Battle Against Invasive Phragmites Ramps Up

They’re toxic, they have a negative impact on coastal wetlands and dunes along the Lake Huron shoreline,  and they spread like wildfire.

Invasive Phragmites (Blackburnnews.com File Photo)

Invasive Phragmites (Blackburnnews.com File Photo)

Phragmites are also extremely flammable and ignitable. They’ve been known to send flames 50 ft up into the air and burn very hot when ignited.

One volunteer based group in Lambton Shores is taking their fight against invasive phragmites to the next level by working to cut and control these pesky plants.

Nancy Vilder, board chair of the Lambton Shores Phragmites Community Group, says they’ve developed a new tool for cutting phragmites in the water thanks to a $205,000 grant through Environment and Climate Change Canada.
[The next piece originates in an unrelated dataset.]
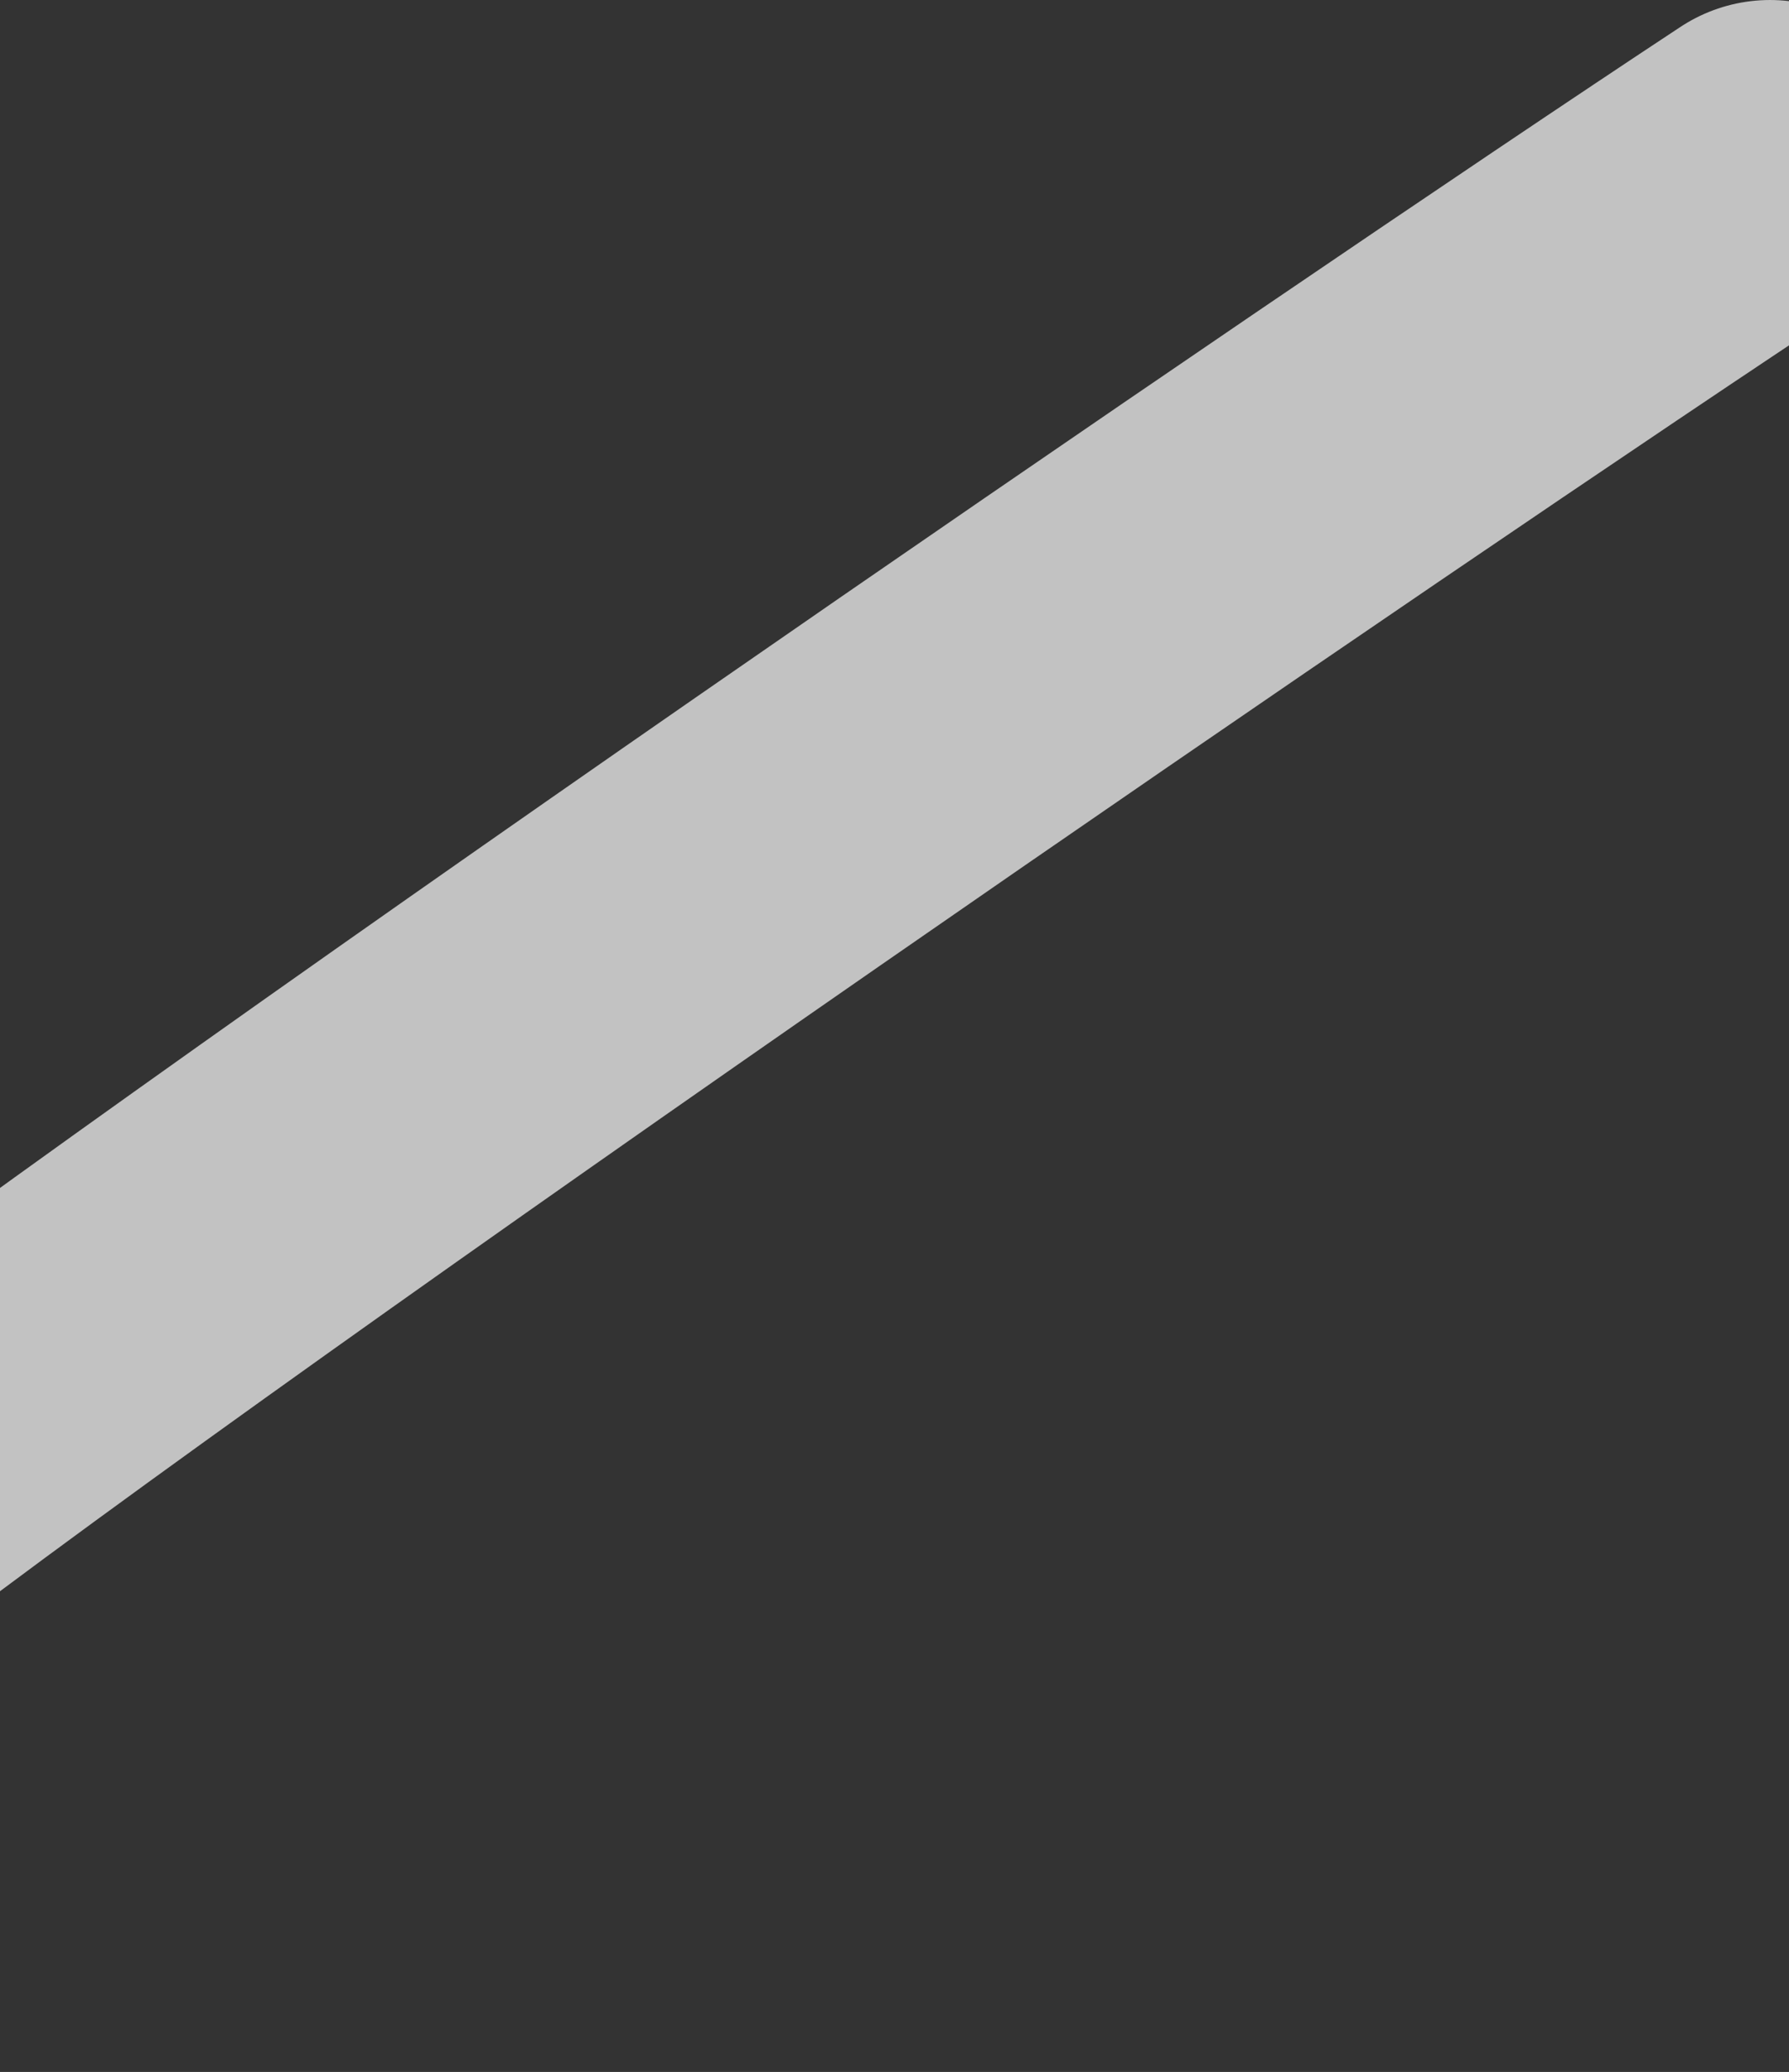<?xml version="1.0" encoding="UTF-8"?> <svg xmlns="http://www.w3.org/2000/svg" width="330" height="382" viewBox="0 0 330 382" fill="none"><rect x="0" y="0" width="330" height="382" fill="#333333" stroke="none"/> <path opacity="0.7" d="M-1123.09 267.838C-1032.55 212.076 -943.79 146.688 -842.592 110.759C-841.346 110.317 -821.3 101.599 -822.952 108.465C-824.861 116.398 -828.702 125.172 -831.278 132.603C-846.494 176.503 -861.065 220.384 -872.521 265.456C-883.905 310.247 -894.066 355.474 -902.429 400.931C-906.09 420.827 -909.984 441.858 -909.427 462.244C-909.324 465.996 -909.674 474.422 -903.277 470.869C-881.206 458.611 -860.699 436.757 -841.612 421.037C-749.013 344.772 -655.485 269.308 -555.503 202.779C-515.853 176.396 -473.409 146.15 -428.981 127.879C-428.388 127.635 -421.2 124.41 -420.169 126.226C-418.612 128.966 -423.052 131.834 -424.709 134.512C-437.814 155.693 -440.759 159.987 -455.422 186.207C-462.771 199.349 -538.368 311.248 -470.693 312.191C-427.063 312.798 -327.165 260.748 -296.863 245.378C-293.28 243.56 -181.762 181.975 -164.194 172.624C-134.253 156.688 -96.4 132.587 -60.695 131.229C-57.892 131.122 -57.435 132.212 -58.38 134.917C-64.55 152.588 -75.947 169.991 -84.722 186.183C-114.616 241.343 -145.618 296.042 -169.968 353.957C-171.632 357.916 -187.176 382.757 -173.343 375.71C-122.913 350.021 -77.65 315.14 -33.02 280.744C38.334 225.749 251.256 79.595 326.5 30.001" stroke="white" stroke-width="60" stroke-linecap="round"></path> </svg>

“We came up with a cutting platform and a transporting barge and we’ve been using that to cut phragmites in the water,” says Vilder.

While the cutting does help, the best way to eradicate phragmites is through the use of certain chemicals which Vilder says is not something they have at their disposal.

“It cost $3,000 to get the phragmites managed in Grand Bend, spading and other techniques do not work and we really desperately need the chemicals to get on top of it,” adds Vilder.

Phragmites are not only affecting areas in Lambton Shores like the 59-hectare coastal meadow marsh at 9191 Wood Dr., but at many locations along the Lake Huron Shoreline including further north in Goderich and Kincardine to name a few.

Vilder notes they’re at a crossroads when it comes to getting the help and support needed to combat phragmites.

“The government has to get more involved and help groups like ours, and groups like the ones in Kincardine and up our shoreline; all these pockets of people who are fighting this wit their hands tied behind their back,” says Vilder.